Baumann ordered $1 million worth of furniture from W. & J. Sloane, and $800,000 of silverware from the Gorham Manufacturing Company, in mid-1912. The New-York Tribune described the latter contract as "one of the largest ever placed for hotel silverware". That July, the New York Central awarded the Fuller Construction Company a $5.5 million general contract for the hotel's construction; at the time, it was expected that the hotel would be completed by the beginning of October 1913. In addition, the American Bridge Company was hired to manufacture 14000 ST of structural steel for the hotel. By the end of that year, workers were completing excavations on the hotel's site. The Biltmore's construction started in March 1913, and the hotel's structural steel was topped out on August 15, 1913. The construction of the hotel coincided with the completion of Grand Central Terminal's final phase.

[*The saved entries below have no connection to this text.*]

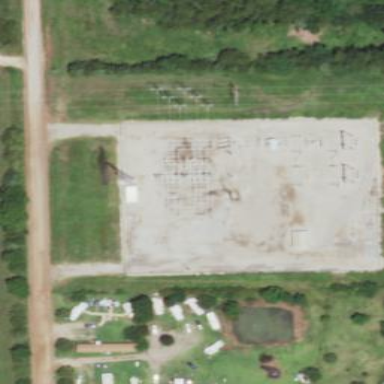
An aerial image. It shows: Transmission substation enclosed by chain-link fence.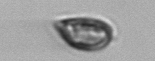
Label: Prorocentrum_triestinum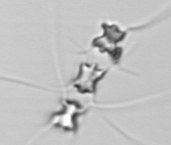
Label: Chaetoceros_didymus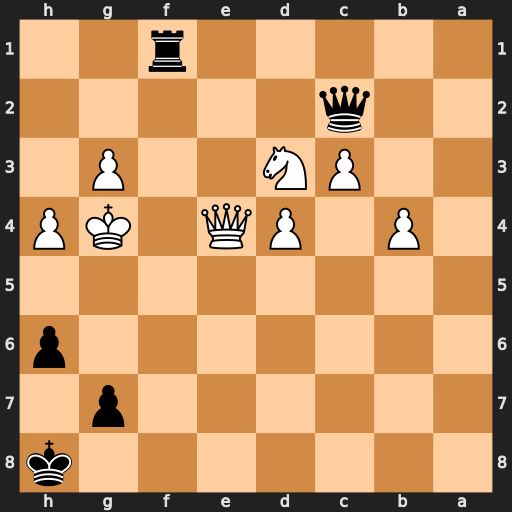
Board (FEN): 7k/6p1/7p/8/1P1PQ1KP/2PN2P1/2q5/5r2
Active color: b
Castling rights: -
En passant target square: -
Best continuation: Qd1+ Kh3 Rh1+ Qxh1 Qxh1+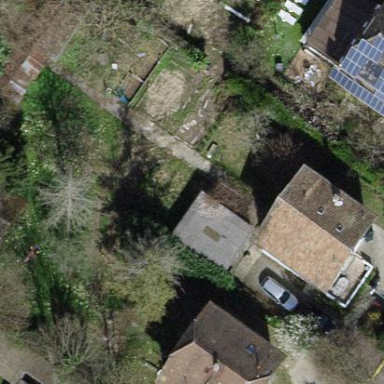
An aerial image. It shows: Garden enclosed by fence.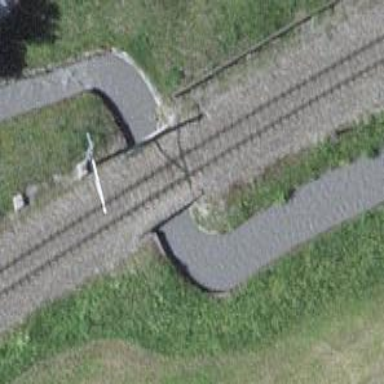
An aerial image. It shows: Narrow-gauge railway bridge with electrified contact lines over single track.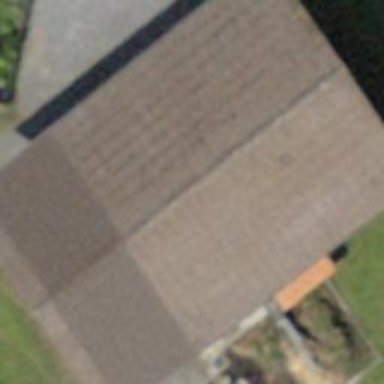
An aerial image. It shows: Rural barn.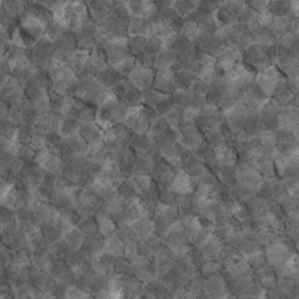
Label: non_frost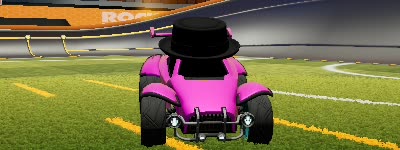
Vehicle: octane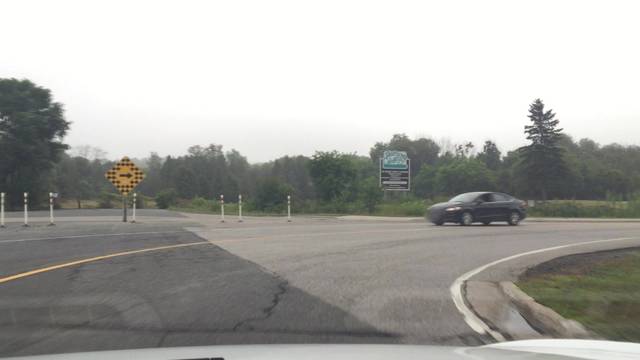
Region: Canada
Coordinates: 43.889, -78.824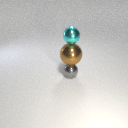
small cyan metal sphere above large brown metal sphere

The Biltmore was scheduled to open with a party on New Year's Eve 1913, and every table in the hotel's main dining room was reserved in advance of the opening. In the two weeks before the hotel opened, the project employed 1,300 construction workers, who worked 24 hours a day to complete the hotel on schedule. The total cost of construction, including furnishings, was estimated at $10 million. The hotel itself accounted for $5.5 million of this cost, the furnishings $1.5 million, and the land $3 million. At the hotel's opening, its rooms had already been leased for a combined $20 million. In describing the Biltmore's location above a portion of Grand Central Terminal, the Real Estate Record and Guide wrote: "The new Biltmore Hotel will, so far as we can recollect, be the first station hotel of any importance erected in this country." The Biltmore's operators rented the air rights above Grand Central Terminal's tracks, paying the New York Central $100,000 annually.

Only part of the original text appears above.